Records from a data source
▬▬▬▬▬▬

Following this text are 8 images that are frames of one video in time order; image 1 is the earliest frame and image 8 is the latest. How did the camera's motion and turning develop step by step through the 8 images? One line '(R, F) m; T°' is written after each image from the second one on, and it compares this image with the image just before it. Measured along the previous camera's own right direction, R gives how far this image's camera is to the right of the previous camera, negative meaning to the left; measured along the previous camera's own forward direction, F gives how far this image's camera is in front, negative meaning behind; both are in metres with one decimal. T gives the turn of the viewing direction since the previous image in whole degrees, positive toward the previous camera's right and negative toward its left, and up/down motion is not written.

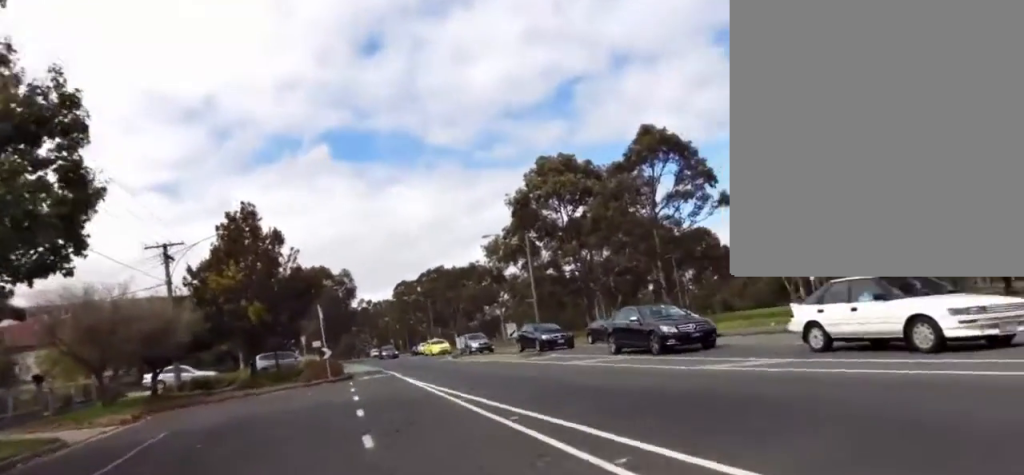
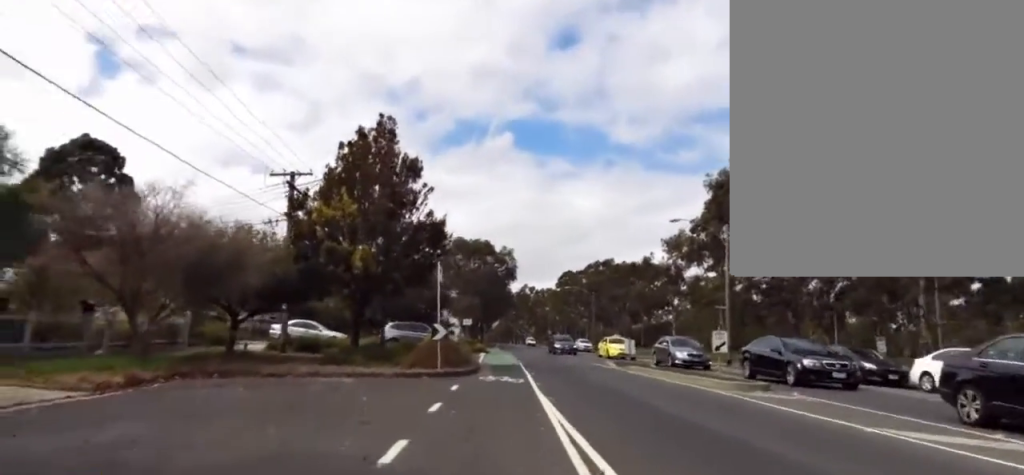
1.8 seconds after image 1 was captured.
(-1.7, +9.2) m; -9°
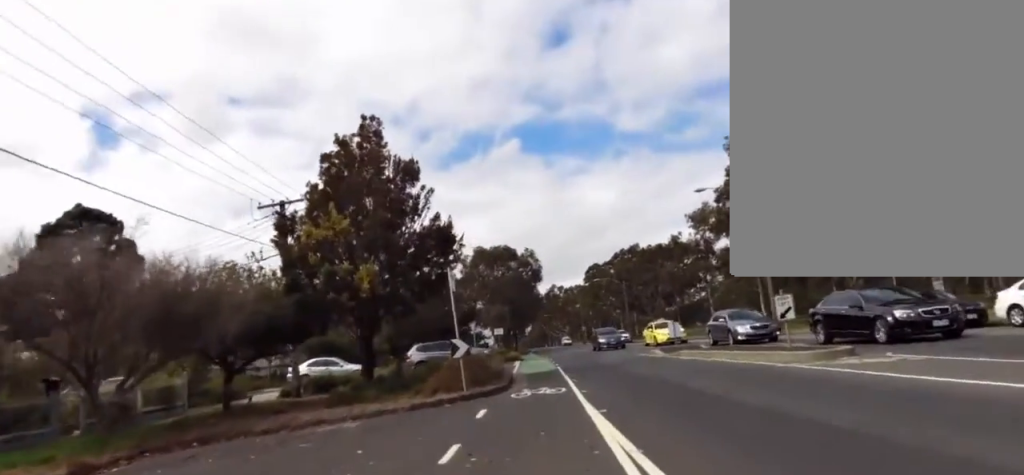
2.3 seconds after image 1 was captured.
(+0.6, +2.3) m; 0°
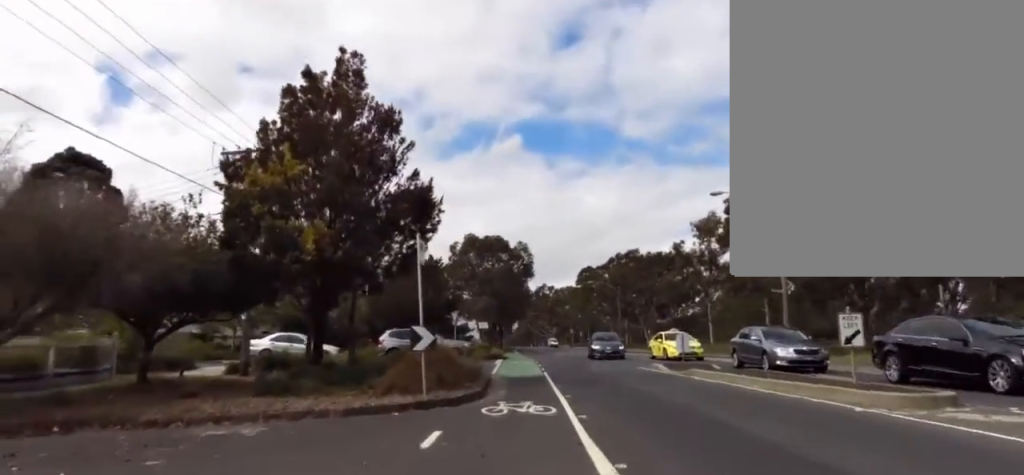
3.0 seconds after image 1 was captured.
(-0.1, +3.4) m; +2°
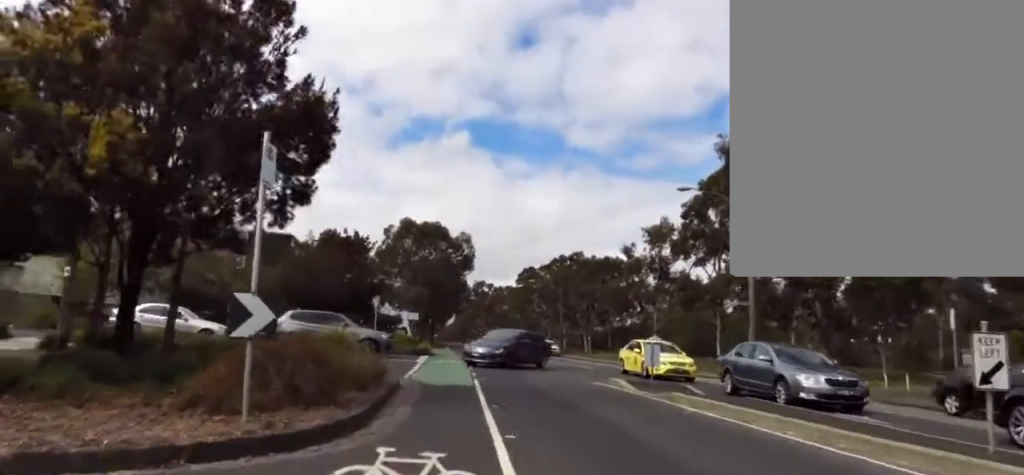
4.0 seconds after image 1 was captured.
(-0.1, +4.6) m; +2°
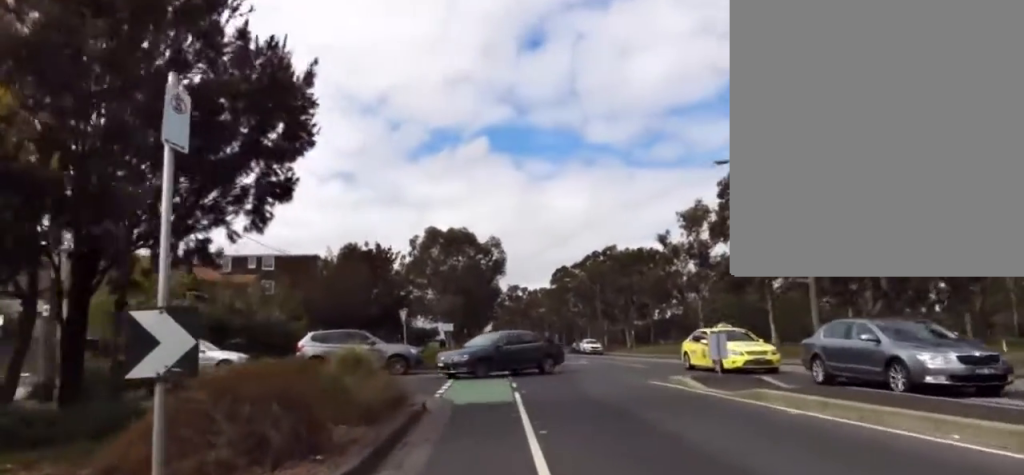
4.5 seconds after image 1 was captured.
(+0.8, +1.9) m; -1°
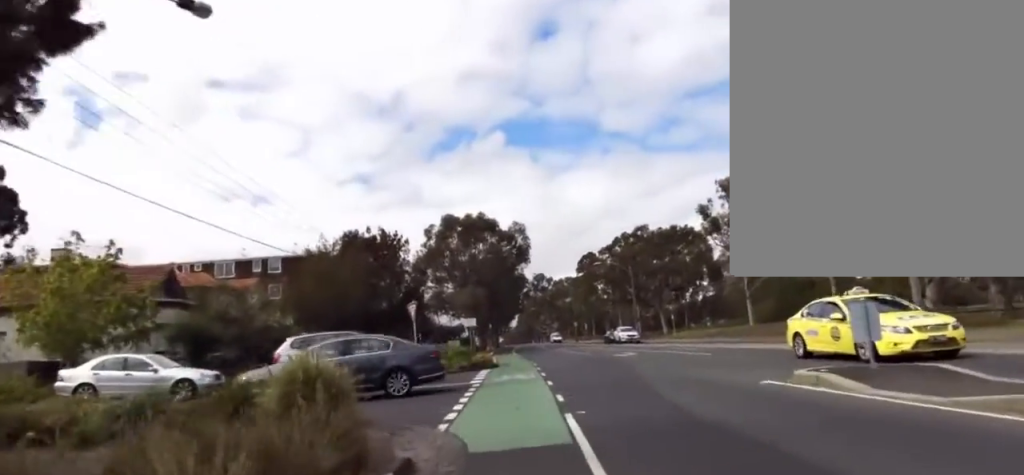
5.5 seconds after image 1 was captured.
(-1.5, +4.5) m; -21°
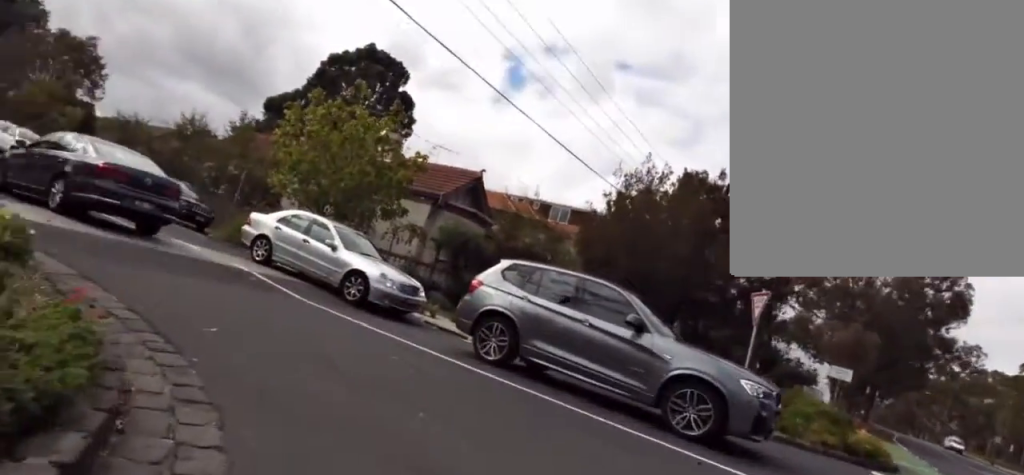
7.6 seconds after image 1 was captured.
(-4.6, +8.0) m; -61°
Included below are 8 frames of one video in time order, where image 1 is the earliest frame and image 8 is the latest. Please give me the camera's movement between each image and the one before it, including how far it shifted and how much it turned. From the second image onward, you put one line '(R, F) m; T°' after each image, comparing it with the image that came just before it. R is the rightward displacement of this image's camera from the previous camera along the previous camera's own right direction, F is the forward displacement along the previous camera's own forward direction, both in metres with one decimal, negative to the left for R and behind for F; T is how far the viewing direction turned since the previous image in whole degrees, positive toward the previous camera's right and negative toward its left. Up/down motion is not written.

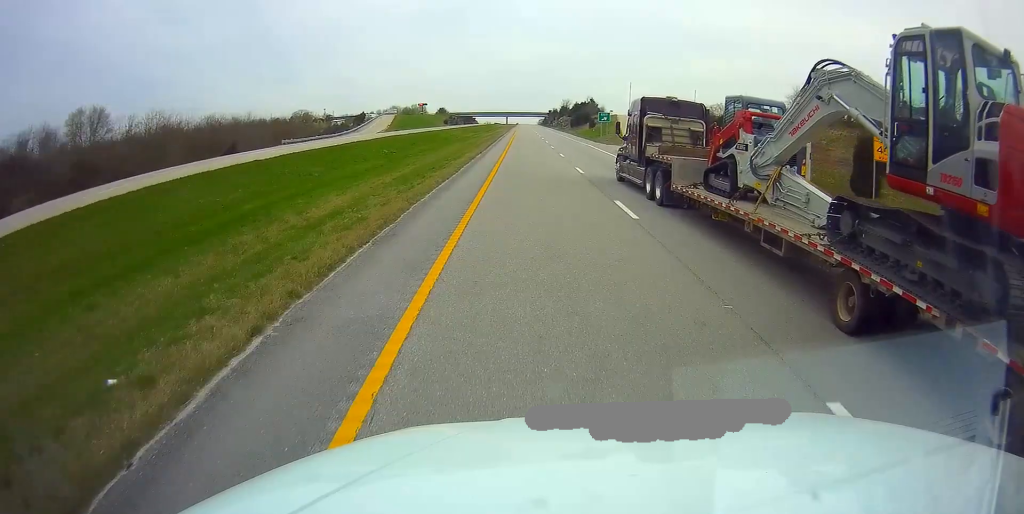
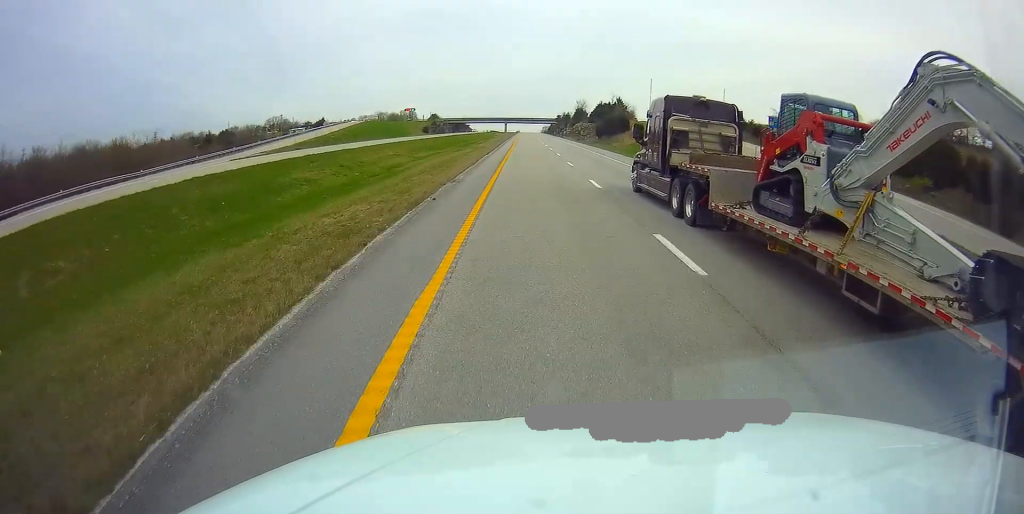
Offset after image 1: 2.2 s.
(+0.1, +65.6) m; 0°
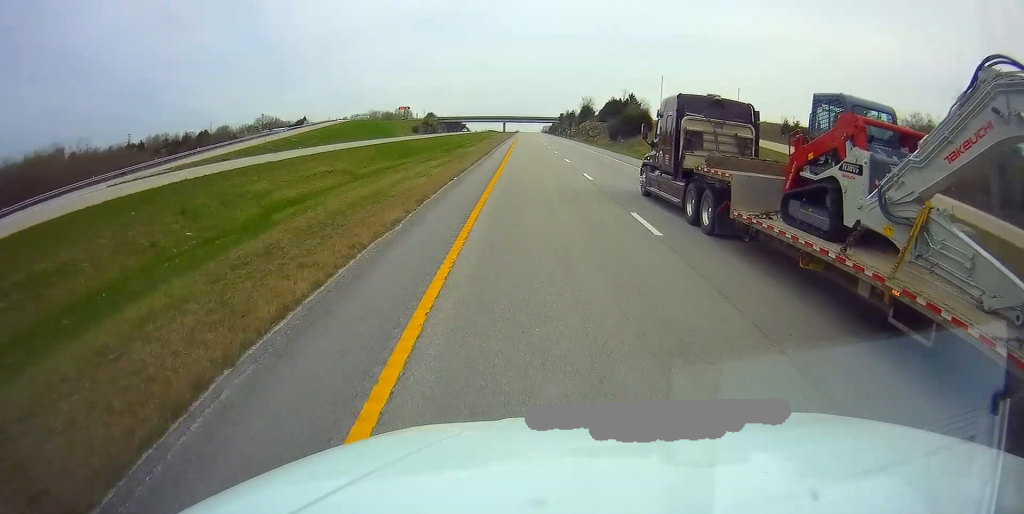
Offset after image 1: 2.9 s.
(0.0, +21.1) m; 0°
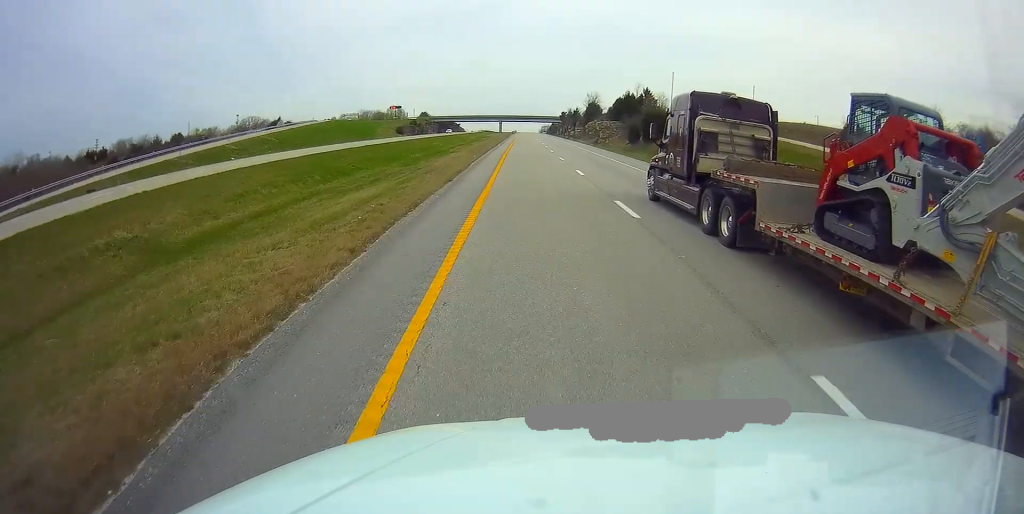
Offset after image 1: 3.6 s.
(-0.1, +22.0) m; 0°
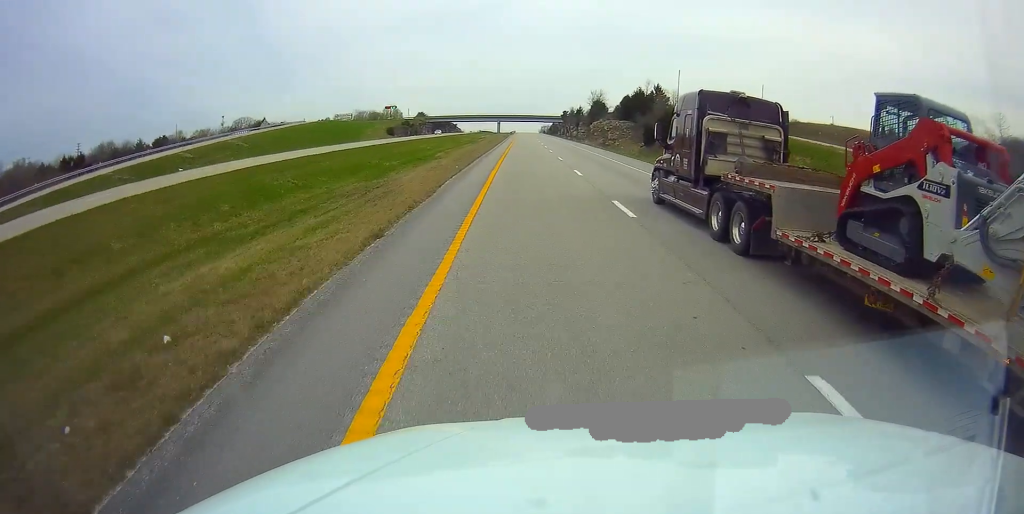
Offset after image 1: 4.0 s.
(+0.1, +12.0) m; 0°
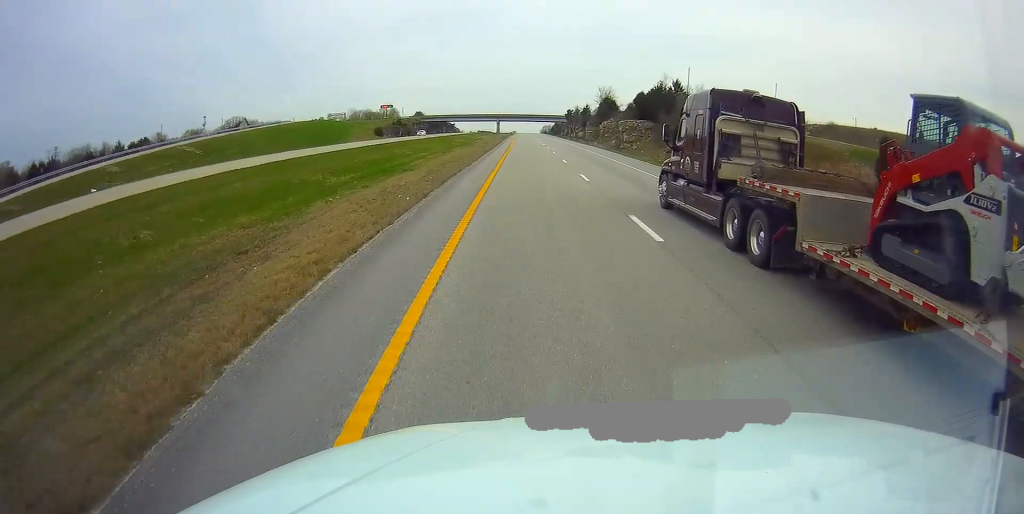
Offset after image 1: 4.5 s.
(+0.2, +14.9) m; 0°
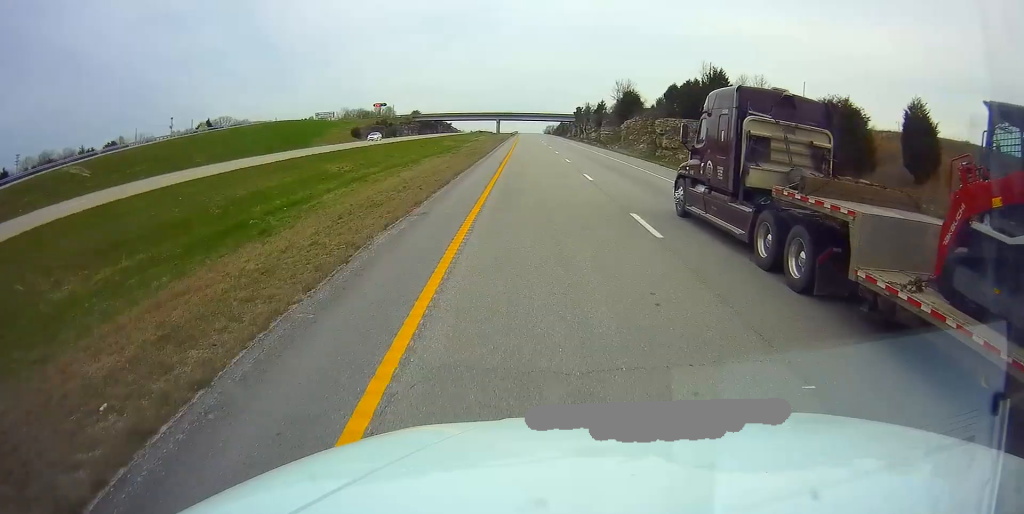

▬▬▬▬▬▬

• **REQUIREMENT**: Here the job is to print all the entries above exactly, minus the images.

• **ANSWER BOX**:
Following this text are 8 images that are frames of one video in time order; image 1 is the earliest frame and image 8 is the latest. How did the camera's motion and turning develop step by step through the 8 images? One line '(R, F) m; T°' is written after each image from the second one on, and it compares this image with the image just before it. Measured along the previous camera's own right direction, R gives how far this image's camera is to the right of the previous camera, negative meaning to the left; measured along the previous camera's own forward direction, F gives how far this image's camera is in front, negative meaning behind; both are in metres with one decimal. T gives the turn of the viewing direction since the previous image in whole degrees, positive toward the previous camera's right and negative toward its left, and up/down motion is not written.

1.8 seconds after image 1 was captured.
(-1.7, +9.2) m; -9°
2.3 seconds after image 1 was captured.
(+0.6, +2.3) m; 0°
3.0 seconds after image 1 was captured.
(-0.1, +3.4) m; +2°
4.0 seconds after image 1 was captured.
(-0.1, +4.6) m; +2°
4.5 seconds after image 1 was captured.
(+0.8, +1.9) m; -1°
5.5 seconds after image 1 was captured.
(-1.5, +4.5) m; -21°
7.6 seconds after image 1 was captured.
(-4.6, +8.0) m; -61°
Included below are 8 frames of one video in time order, where image 1 is the earliest frame and image 8 is the latest. Please give me the camera's movement between each image and the one before it, including how far it shifted and how much it turned. From the second image onward, you put one line '(R, F) m; T°' after each image, comparing it with the image that came just before it. R is the rightward displacement of this image's camera from the previous camera along the previous camera's own right direction, F is the forward displacement along the previous camera's own forward direction, both in metres with one decimal, negative to the left for R and behind for F; T is how far the viewing direction turned since the previous image in whole degrees, positive toward the previous camera's right and negative toward its left. Up/down motion is not written.

Offset after image 1: 2.2 s.
(+0.1, +65.6) m; 0°
Offset after image 1: 2.9 s.
(0.0, +21.1) m; 0°
Offset after image 1: 3.6 s.
(-0.1, +22.0) m; 0°
Offset after image 1: 4.0 s.
(+0.1, +12.0) m; 0°
Offset after image 1: 4.5 s.
(+0.2, +14.9) m; 0°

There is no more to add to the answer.